А как вынесла это его превращение Таня? Она у себя дома, в обществе молодого человека, предстала совсем в ином свете. К родным в гости приезжала молоденькая девушка, скорее смущенная и стеснительная, чем свободная и веселая. А здесь встретила их молодая женщина, слегка осунувшаяся, мягкая, вся такая привлекательно слабая, до ногтей женщина и больше ничего. Маргарита и Аркаша невольно переглянулись. Таня как бы в свое оправдание сказала:
- Я нынче с утра ходила в баню, - и встряхнула головой, ее волосы вспыхнули нежным блеском. - Зато ничего не успела сварить.
- Да обедал я! - вдруг подал голос Олег. - Давай нам чаю.
Тут Маргарита достала из сумочки кулек со сластями, сама выражая живейшую радость. Олег бросил на нее пристальный взгляд, и Маргарита первая улыбнулась ему.
Между тем Таня ласково отметила, как Аркаша вырос: молодой человек! Аркаша покраснел и спросил у Тани, как идет ее жизнь.
- Да как, Аркаша?
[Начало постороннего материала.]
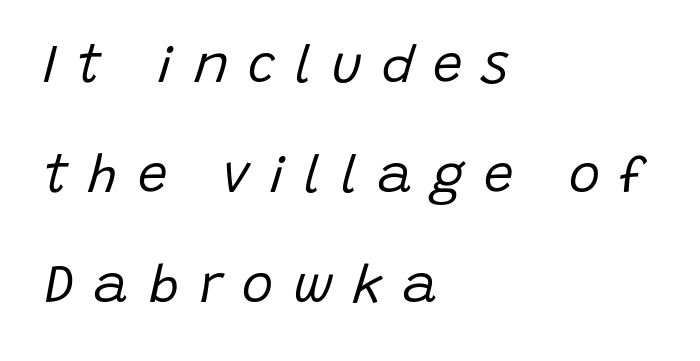
Rule under the text: the space is simply empty. The ragged edge is on the right, which tells us the setting is flush left. Nothing heavy about these letters — not bold at all. Varying glyph widths throughout — classic text-font behaviour. Each word looks stretched out because of the extra space between its letters. Summary of vertical rhythm: relaxed, with wide interline spacing.

Сказать по правде, не очень весело, - отвечала она искренне и захлопотала о чае.
Маргарита, помогая Тане, на кухне спросила у нее горячим шепотом:
- Жених?
- Не-а! - отвечала Таня с таким беззаботным видом, точно она как раз утверждала обратное.
- А кто же?
- Сероглазый король! Помнишь, у Анны Ахматовой? Впрочем, я не разобралась, кто у нее сероглазый король. Вроде не муж... Надо спросить у студента.
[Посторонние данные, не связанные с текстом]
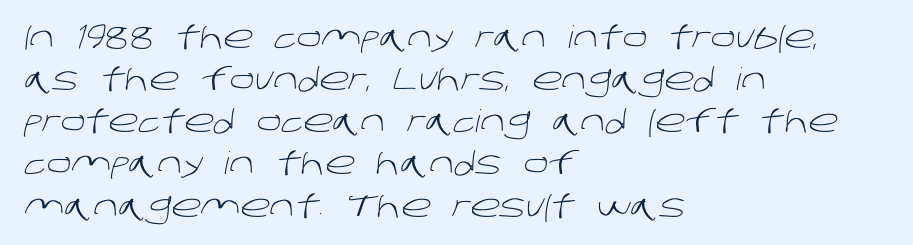
{"serif": "no", "bold": "no", "weight": "light", "width": "normal", "stroke_contrast": "low", "x_height": "large", "monospaced": "no", "underline": "no", "align": "left", "line_spacing": "normal", "line_spacing_ratio": 1.36, "letter_spacing": "normal", "letter_spacing_em": 0.0, "glyph_px": 31}

Нынче Таня, как и Маргарита, кончала школу, только вечернюю. Она не втянулась в среду, где жила и работала, может быть, из-за Олега, который уводил ее в сторону, приоткрывая ей совсем иной мир тревог, забот, мыслей. Но она не вошла и в мир Олега, отвлекаемая заботами своей собственной жизни. С Олегом они сто раз объяснялись в любви и тут же в сто первый раз ссорились, даже не понять из-за чего. Не проще ли было им отдаться любви или даже пожениться? Но именно эти вопросы, самые мысли и желания на эту тему порождали недоразумения. Похоже, Таня не очень верила ему. Чем горячее он добивался ее ласки, тем недоверчивее она становилась. А иногда сама ласкалась до головокружения. Наконец, они так измучились, что сочли за благо реже встречаться и вовсе не говорить о любви.
Конечно, они любили друг друга, но как-то на старинный лад - страстно, мучительно и целомудренно. Или это было отголоском их деревенского детства?
После чая они выбрались на Невский. Перед ними возник город, осененный влажным пологом весеннего неба. Был еще далеко не вечер, но свежо и как-то особенно светло, как бывает на закате. В это время оказался на Невском и Анатолий Николаевич. Он быстро шел куда-то, а множество людей, идущих мимо, обгоняющих его, едущих в переполненных автобусах, это множество словно говорило ему, что оно молодо, юно, а он стар и одинок. Впрочем, нет, он не чувствовал себя ни старым, ни одиноким. Просто мир обновился на его глазах. Даже защемило сердце, столь красивой, прекрасной ему показалась жизнь вокруг: город вечный, эти витрины, эти кинотеатры, где в фойе так славно посидеть на низких креслах. Интересны и люди! Молодежь! Он приглядывался к прохожим и чувствовал себя в ином мире, словно в кино. Ему хотелось крикнуть на весь Невский: «Красиво живете, братцы!»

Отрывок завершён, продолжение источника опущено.